四季は大地を駆け巡る #97 愚者の愚策

異世界ファンタジー小説 四季は大地を駆け巡る

 目の前にそびえるのは真っ黒に染まる城。魔王城と呼ぶには優美な雰囲気を醸し出す城。そう考えた美理愛は自分の思い込みを反省することになる。ヒューガは言った。「魔族の魔は悪魔の魔ではない。魔力の強い一種族の呼び名に過ぎない」と。頭では理解しているつもりだったその言葉を、本当の意味で理解していないことに気付かされたのだ。
 美理愛たちはその魔族との戦いを繰り返し、いよいよここまで辿り着いた。
 城の周りを、陣を固めて取り囲んでいるパルス侵攻軍の兵たち。一方の城はひっそりと静まり返っていて、城壁にも一切魔族の姿は見えない。つい先日までの激戦が嘘のようだ。
 正面から進軍してきた魔将の四軍に前方を塞がれた。だがそれはいずれ起こる戦い。逆に言えば待ちに待った正面からの戦いのはずだった。
 ここが決戦場と優斗が率いる部隊を先頭に全軍が魔族軍へ突撃した。だが、それもいつもの罠だった。優斗との戦いをうまく避けて、逃げ回る魔将たち。それにつられて全軍が前掛かりになったところで、新たな魔族軍が後方に現れた。
 伏兵は想定内のことで備えはあった。そこに来るまでに何度も煮え湯を飲まされてきたのだから。
 ただ唯一の誤算はその伏兵を魔将が率いていたという点。前に現れた魔将の半分は偽物だった。備えに置いていた後備の部隊は一瞬で蹴散らされ、そのまま軍を叩き割るように突き進む魔族の伏兵部隊。
 優斗が後ろに下がろうとすれば、前にいた魔将が邪魔をする。では前を先にと追えば逃げられる。前後に分かれたパルス王国軍。そこに更に突き進んできたのは、横から現れた魔獣の群れだった。黒い牛のようなそれは、角を振り回して、真っ直ぐにパルス王国軍に向かってくる。
 完全に策にはまり、身動きの取れなくなったパルス王国軍。そんな彼等を救ったのは、いつの間にか追いついていたノーストエンド伯爵家軍だった。
 なぜその軍がそこにいるのか、誰にも分からなかった。
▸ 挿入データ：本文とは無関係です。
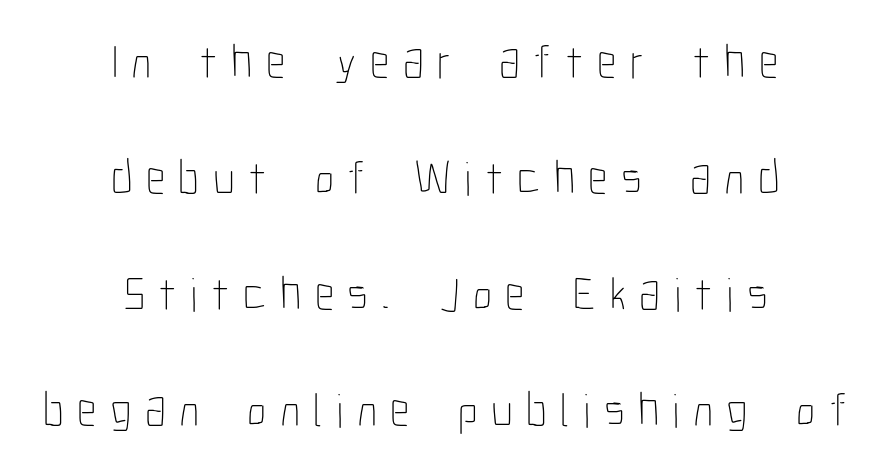
The image shows 48 px thin, condensed type, upright; set centered, loose line spacing (2.42x), unusually wide letter spacing (+0.28 em), not underlined; low stroke contrast and a medium x-height.

だがそんなことはどうでも良い。
 魔族の伏兵の更に後方から突き進んでくるノースエンド伯爵家軍。その数は決して多くはなかったがその勢いは凄まじかった。まったく止まることを知らず、魔族軍を蹴散らして前進し続けるノースエンド伯爵家軍。その突撃を止める為に、先頭で暴れまわっていた魔将が後方に下がっていった。
 その後は完全な混戦。魔力切れでフラフラになるまで美理愛は戦い続けた。
 勝ったのかどうかも誰も定かではなかった。分かったのは、突然、魔将が引き上げたこと。そして、ノースエンド伯爵家軍の全滅に近い被害。ノースエンド伯爵自身が魔将との戦いに挑み、戦死したこと。
 それでもパルス王国軍は前進を続けた。戦いはまだ終わっていない。美理愛もそれは分かっているが味方の犠牲を弔うこともなく、次の戦いに挑むことには空しさを感じた。

「敵だー!」

 前方の陣から敵の来襲を告げる声が聞こえてきた。美理愛が何を感じていようが、戦いはまた始まる。

「美理愛、行くよ!」

「ええ」

 優斗が部隊を率いて、前に向かって駆けて行く。後を追うのは、この戦いの中で彼につき従うようになった兵士たち。優斗が信頼する兵士たちだ。
 彼等を死なせたくない。美理愛はそう思っている。彼等のおかげで優斗はかなり落ち着きを取り戻している。今の彼にはなくてはならない存在なのだ。その為には魔族を倒さなければならない。決意を新たにして、美理愛は優斗たちのあとを追った。
 やがて見えてきたのは、魔王城の城門を出た所で暴れ回っているたった一人の魔族。

「……どういうことかしら?」

「分からない。でもあれは魔将の一人だ」

「そうね」

「他のやつが出てくる前に倒したい。行くよ、皆!」

「「「おお!」」」

 魔将がたった一人で正面から現れるなど、これまでの戦いではなかったこと。それを疑問に思わなくはないが、罠でなければ、逆に魔将を倒す絶好の機会だ。そう考えて優斗は兵士を率いて、前に進んだ。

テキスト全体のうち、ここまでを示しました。